# [WORK TO BE COMPLETED]
A complete response lists each line of the data below that includes the word "Quick".

[SUPPLIED INFORMATION — start]

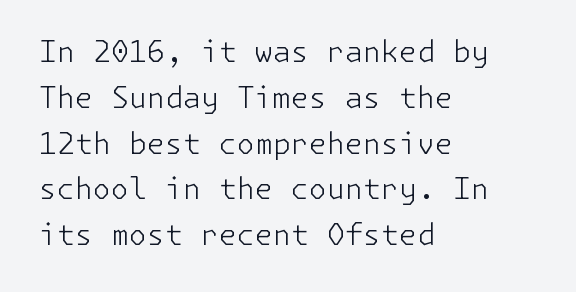
Type style note: lacks serifs. The typography opts for an upright posture over an oblique one. Is this a heavy cut? Hardly; it is regular or lighter. Quick note: underline off.
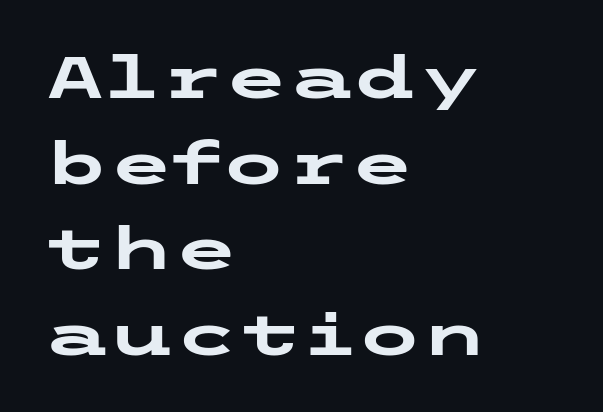
Bare-footed words on every line. The rendering uses a moderate line-height, typical for paragraphs. In terms of posture, this sample is upright. Tracking value appears to be zero — textbook default spacing. Strokes here are thick enough to call this a true bold.
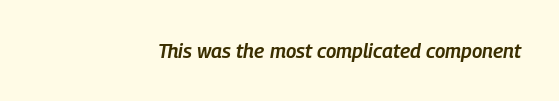
The image shows 20 px text type, italic (leaning right); set normal letter spacing, not underlined.
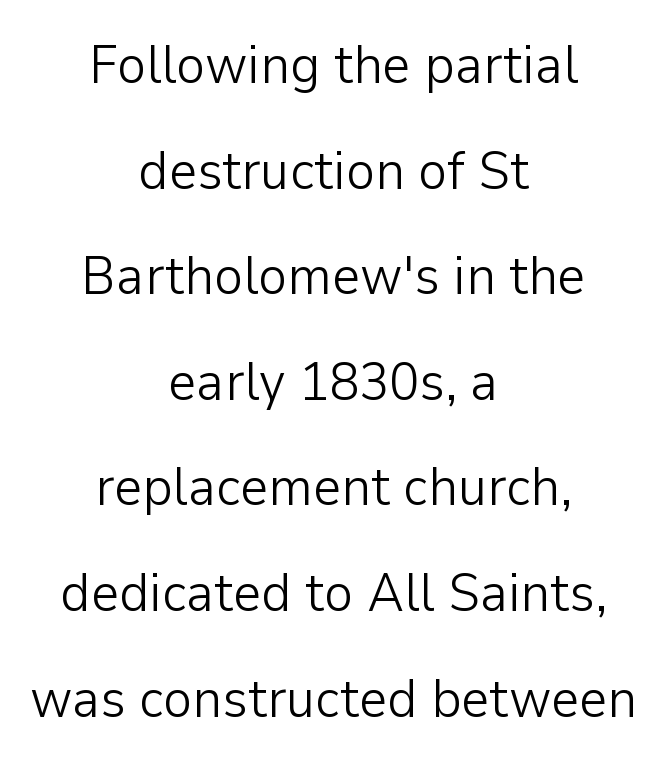
Q: Is the text bold? A: No.
Q: Is the text italic (slanted)? A: No, it is upright.
Q: Is the typeface a serif or a sans-serif typeface? A: Sans-serif.
Q: Is the text underlined? A: No.
Q: How is the paragraph aligned? A: Centered.
Q: Is the spacing between letters normal or unusually wide? A: Normal.
Q: Is the spacing between lines tight, normal or loose? A: Loose.
Q: Width (condensed, normal, or wide)? A: Normal.
Q: Stroke contrast? A: Low.
Q: x-height? A: Medium.
Q: Monospaced? A: No.
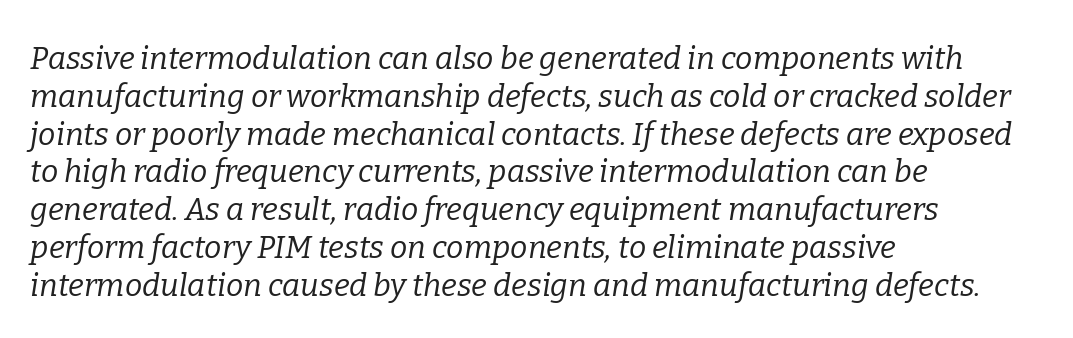
Quick note: underline off. A typesetter would label this face a serif. Looks like regular typesetting: each glyph gets only the width it needs. You can tell it's italic because the verticals aren't actually vertical.
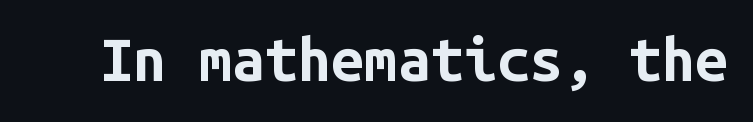
{"serif": "no", "italic": "no", "bold": "yes", "weight": "bold", "width": "normal", "stroke_contrast": "low", "x_height": "medium", "monospaced": "yes", "underline": "no", "letter_spacing": "normal", "letter_spacing_em": 0.0, "glyph_px": 59}
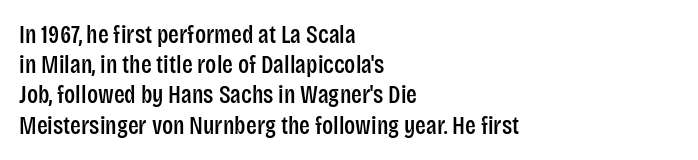
Q: Is the text italic (slanted)? A: No, it is upright.
Q: Is the text underlined? A: No.
Q: How is the paragraph aligned? A: Left-aligned.
Q: Is the spacing between letters normal or unusually wide? A: Normal.
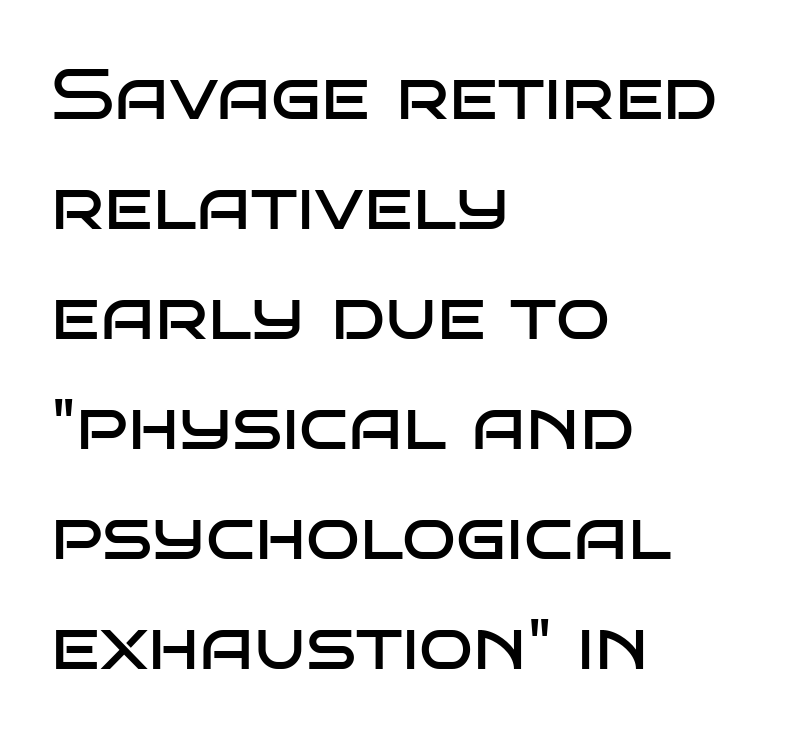
Q: Is the text bold? A: No.
Q: Is the text italic (slanted)? A: No, it is upright.
Q: Is the typeface a serif or a sans-serif typeface? A: Sans-serif.
Q: Is the text underlined? A: No.
Q: How is the paragraph aligned? A: Left-aligned.
Q: Is the spacing between letters normal or unusually wide? A: Normal.
Q: Is the spacing between lines tight, normal or loose? A: Normal.
Q: Width (condensed, normal, or wide)? A: Wide.
Q: Stroke contrast? A: Low.
Q: x-height? A: Large.
Q: Monospaced? A: No.
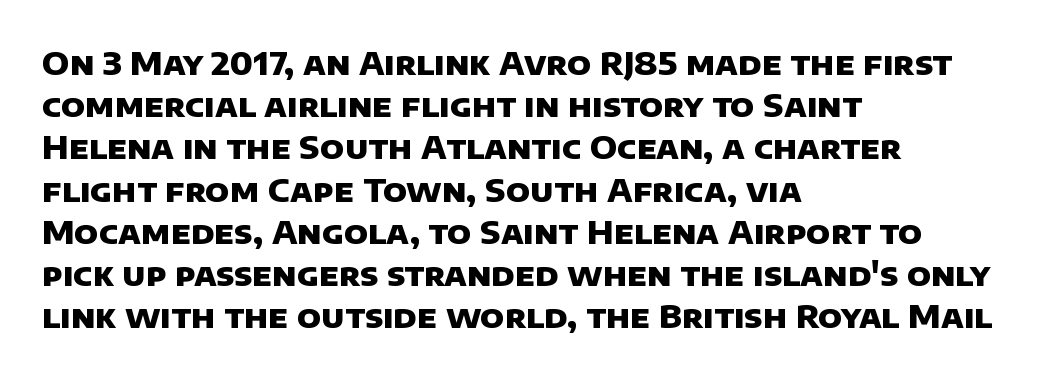
The image shows 32 px heavy sans-serif type; set left-aligned, normal line spacing (1.32x), normal letter spacing, not underlined; low stroke contrast and a large x-height.
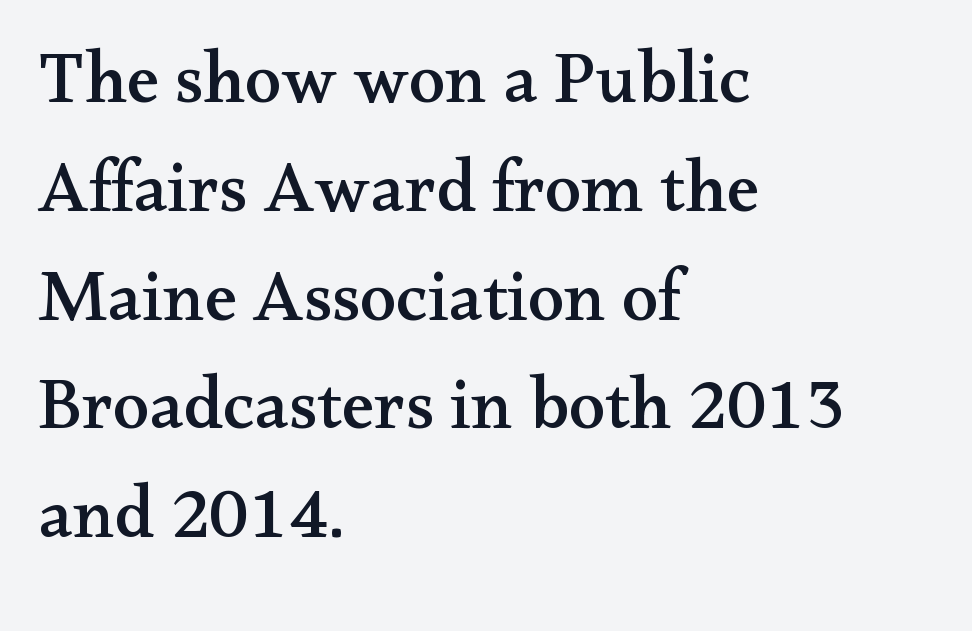
Q: Is the text italic (slanted)? A: No, it is upright.
Q: Is the typeface a serif or a sans-serif typeface? A: Serif.
Q: Is the text underlined? A: No.
Q: How is the paragraph aligned? A: Left-aligned.
Q: Is the spacing between letters normal or unusually wide? A: Normal.
Q: Is the spacing between lines tight, normal or loose? A: Normal.
Q: Width (condensed, normal, or wide)? A: Wide.
Q: Stroke contrast? A: Medium.
Q: x-height? A: Small.
Q: Monospaced? A: No.
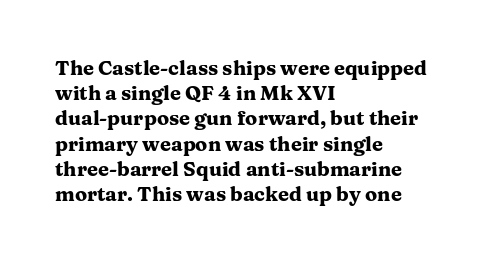
The space directly below the letters is spotless. This rendering uses left alignment, leaving the right contour irregular. The typography opts for an upright posture over an oblique one. Each word holds together tightly as a unit, with standard inter-letter gaps. Pretty heavy lettering here — definitely bold.
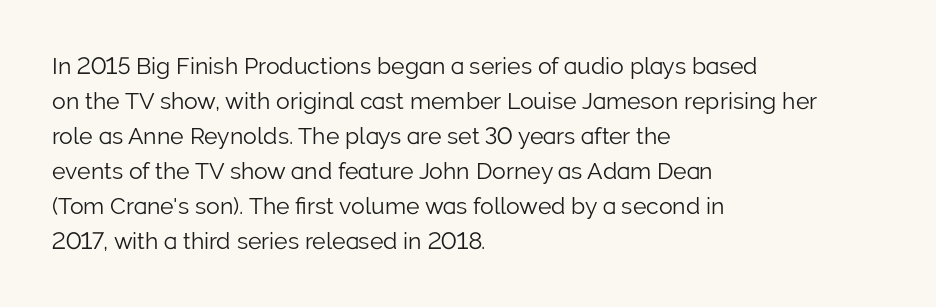
{"italic": "no", "bold": "no", "underline": "no", "align": "left", "line_spacing": "normal", "line_spacing_ratio": 1.52, "letter_spacing": "normal", "letter_spacing_em": 0.0, "glyph_px": 23}
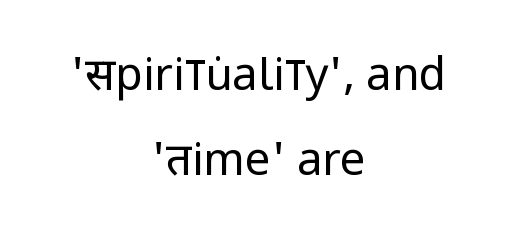
The image shows 45 px regular-weight, condensed sans-serif type, upright; set centered, line spacing 1.89x, normal letter spacing, not underlined; low stroke contrast and a large x-height.
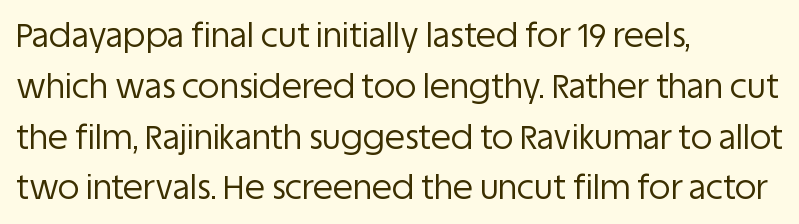
{"serif": "no", "italic": "no", "bold": "no", "weight": "regular", "width": "normal", "stroke_contrast": "low", "x_height": "large", "monospaced": "no", "underline": "no", "align": "left", "line_spacing": "normal", "line_spacing_ratio": 1.54, "letter_spacing": "normal", "letter_spacing_em": 0.0, "glyph_px": 33}
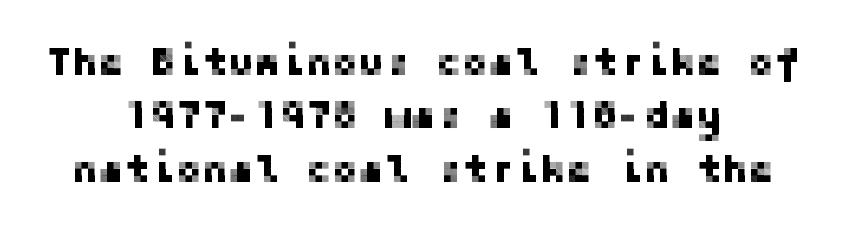
Q: Is the text italic (slanted)? A: No, it is upright.
Q: Is the typeface a serif or a sans-serif typeface? A: Sans-serif.
Q: Is the text underlined? A: No.
Q: How is the paragraph aligned? A: Centered.
Q: Is the spacing between letters normal or unusually wide? A: Normal.
Q: Is the spacing between lines tight, normal or loose? A: Normal.
Q: Width (condensed, normal, or wide)? A: Normal.
Q: Stroke contrast? A: Low.
Q: x-height? A: Medium.

[SUPPLIED INFORMATION — finish]

# [EXERCISE ANSWER]
Type style note: lacks serifs. The typography opts for an upright posture over an oblique one. Is this a heavy cut? Hardly; it is regular or lighter. Quick note: underline off.
Quick note: underline off. A typesetter would label this face a serif. Looks like regular typesetting: each glyph gets only the width it needs. You can tell it's italic because the verticals aren't actually vertical.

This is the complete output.